There is no ground truth or label for the unsupervised models, leading to unique practical challenges. For instance, anomalies can form clusters and such clusters could be mis-identified as normal. To address some of these limitations, nearest-neighbor-based methods are proposed. These methods assume that normal data instances should be close to each other, and hence occur in dense neighborhoods, whereas anomalies should have a significant distance to their closest neighbors. LOF is a commonly used nearest neighbor model for TAD which performs well in applications that contain local outliers. The shortcoming of LOF is that it might not perform well for very high dimensional data.

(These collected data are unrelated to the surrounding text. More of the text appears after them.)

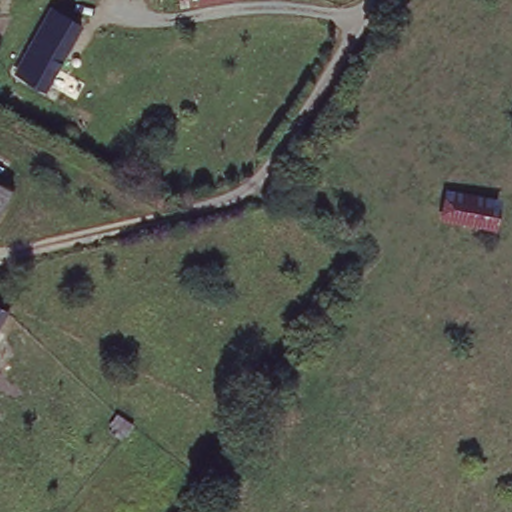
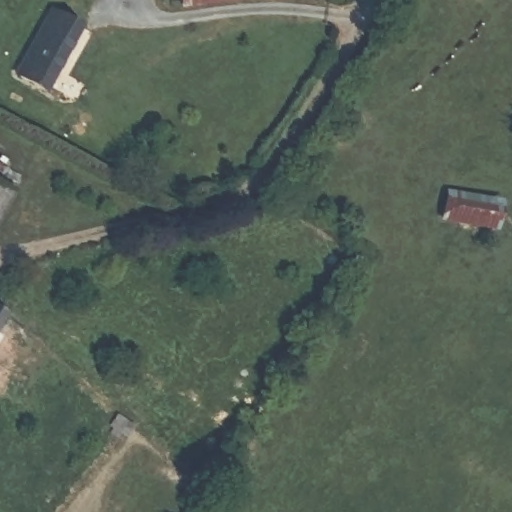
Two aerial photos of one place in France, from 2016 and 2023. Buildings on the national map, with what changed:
unchanged [(183,0),(196,0),(183,3),(183,0)]
unchanged [(90,29),(55,96),(21,76),(57,11),(90,29)]
unchanged [(0,220),(0,182),(14,188),(0,220)]
unchanged [(502,195),(500,223),(447,215),(450,188),(502,195)]
unchanged [(0,331),(0,305),(12,312),(0,331)]

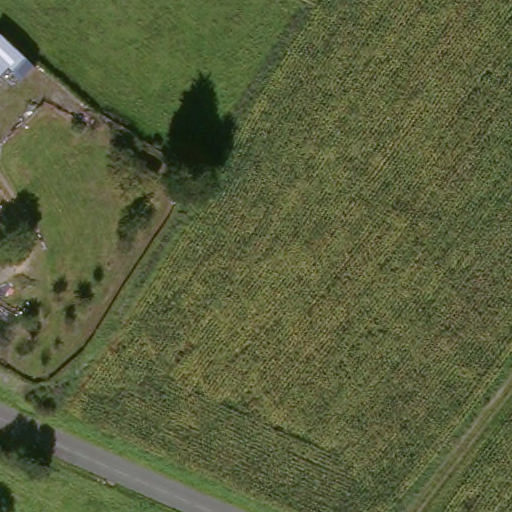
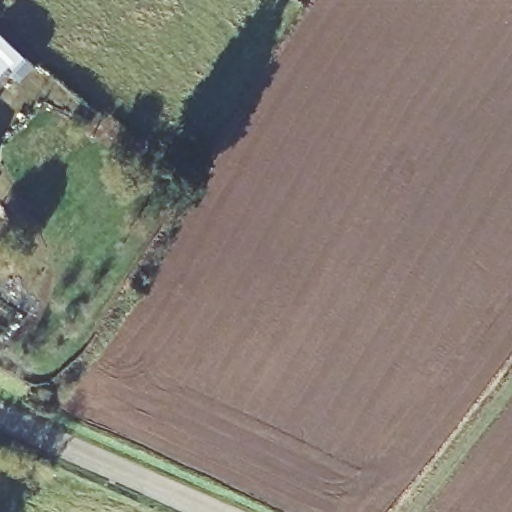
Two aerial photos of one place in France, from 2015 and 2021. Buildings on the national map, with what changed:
unchanged [(4,26),(26,46),(27,47),(27,48),(0,78),(0,30),(4,26)]

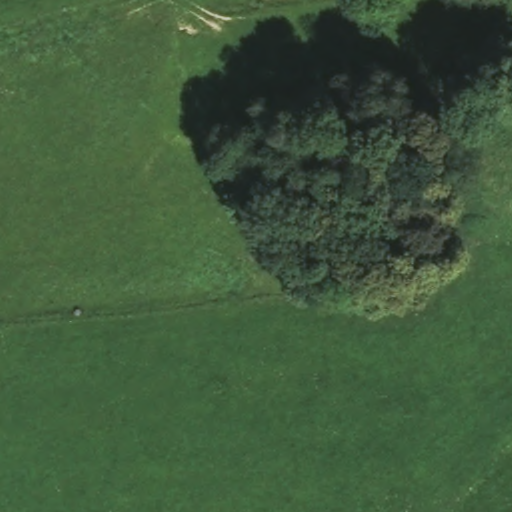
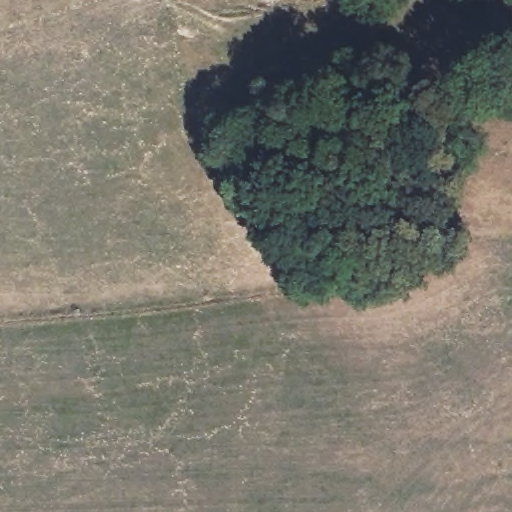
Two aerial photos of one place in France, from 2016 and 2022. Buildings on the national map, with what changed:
[]

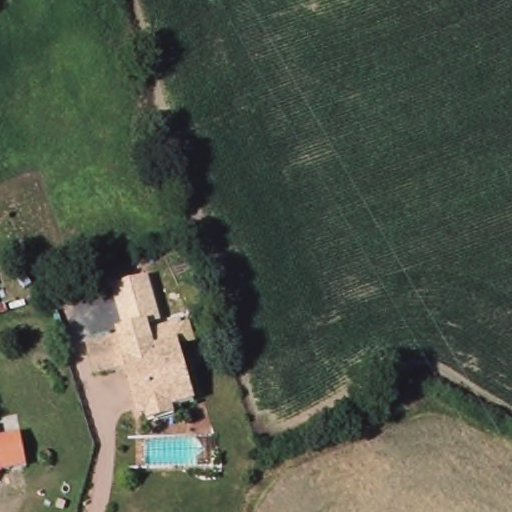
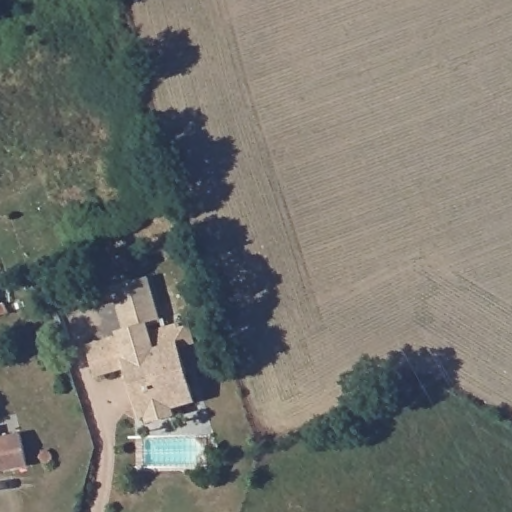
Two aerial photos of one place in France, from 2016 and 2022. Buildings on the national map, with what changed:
unchanged [(179,347),(197,401),(174,409),(176,418),(148,424),(146,417),(139,419),(125,367),(96,378),(86,342),(117,332),(124,329),(112,288),(147,277),(164,326),(191,320),(197,342),(179,347)]
unchanged [(0,316),(0,306),(5,304),(8,312),(0,316)]
unchanged [(27,466),(2,471),(0,471),(0,438),(21,433),(27,466)]

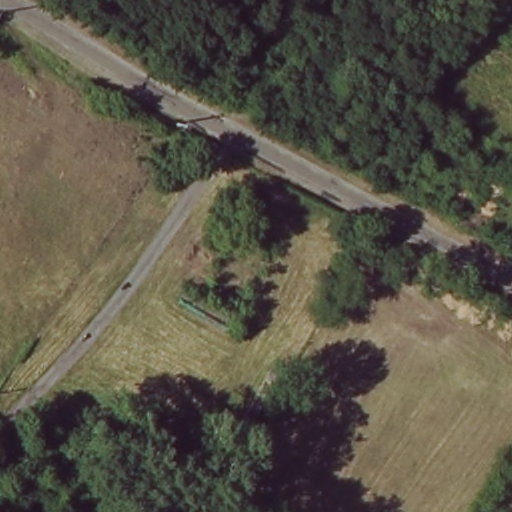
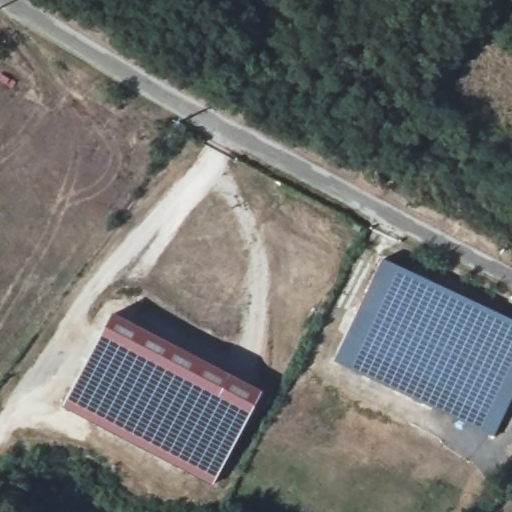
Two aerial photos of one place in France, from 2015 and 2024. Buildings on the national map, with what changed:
new [(512,321),(512,401),(495,437),(334,363),(382,259),(512,321)]
new [(262,393),(213,486),(63,409),(111,314),(262,393)]

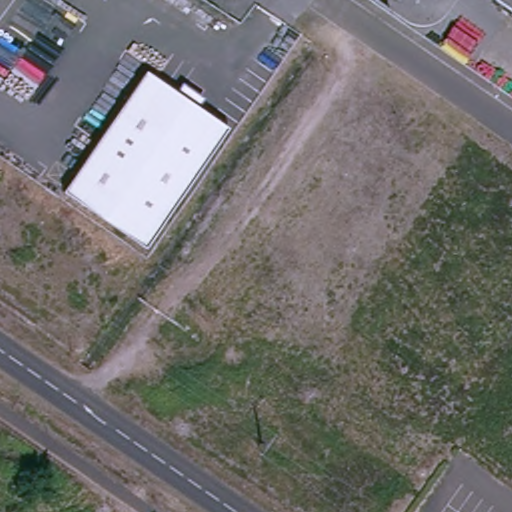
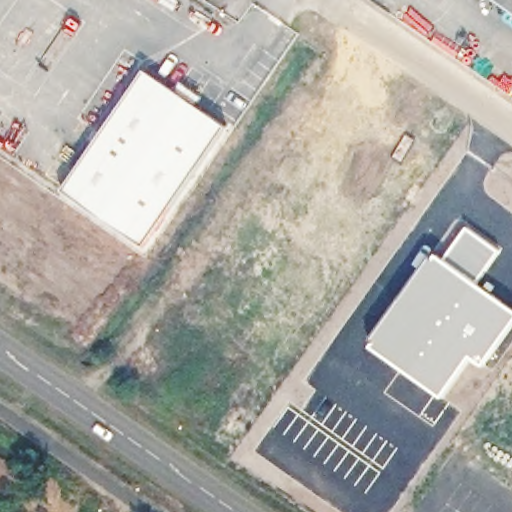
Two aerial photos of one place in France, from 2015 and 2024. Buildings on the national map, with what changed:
unchanged [(512,16),(489,0),(512,0),(512,16)]
unchanged [(143,68),(226,125),(143,246),(60,189),(143,68)]
new [(466,225),(501,249),(479,283),(443,258),(466,225)]
new [(434,251),(443,258),(479,283),(512,306),(512,327),(483,367),(471,359),(442,399),(368,346),(382,322),(434,251)]

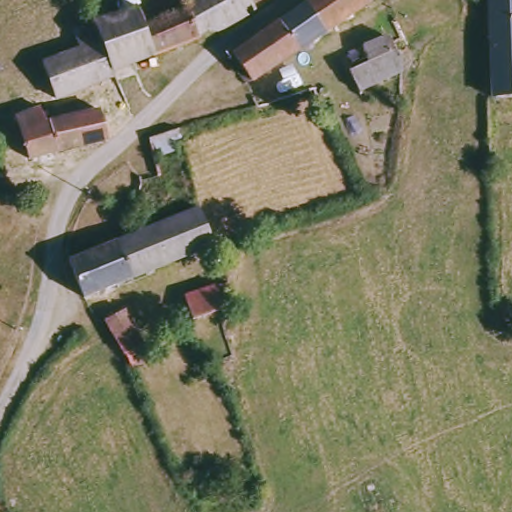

Tree-based ensemble models, such as random forest, are known to achieve good performances in several classification and regression tasks even in very high dimensional settings. Building on the strengths of tree-based methods, isolation forest (IF) is one of the most popular anomaly detection algorithms used for time series data and deserves further attention. The main intuition behind IF is that since abnormal points are usually few and different, they should be isolated relatively easier compared to normal points. Isolation forest measures this by building an ensemble of isolation trees, where abnormal points are the ones which have shorter average path lengths on the trees. Figure 5 illustrate an example where abnormal samples have shorter average lengths, also refer to Figure 6. IF is quite effective particularly in the high-dimensional setting. Predictive maintenance for complex industrial systems with thousands of sensor measurements is an example of such high-dimensional settings.

Figure 5 Tree-depths for normal and abnormal samples

Figure 5 Tree-depths for normal and abnormal samples

Figure 6 Unsupervised model summary: Given input data, IF model generates an anomaly score (we use normalized score between 0-1)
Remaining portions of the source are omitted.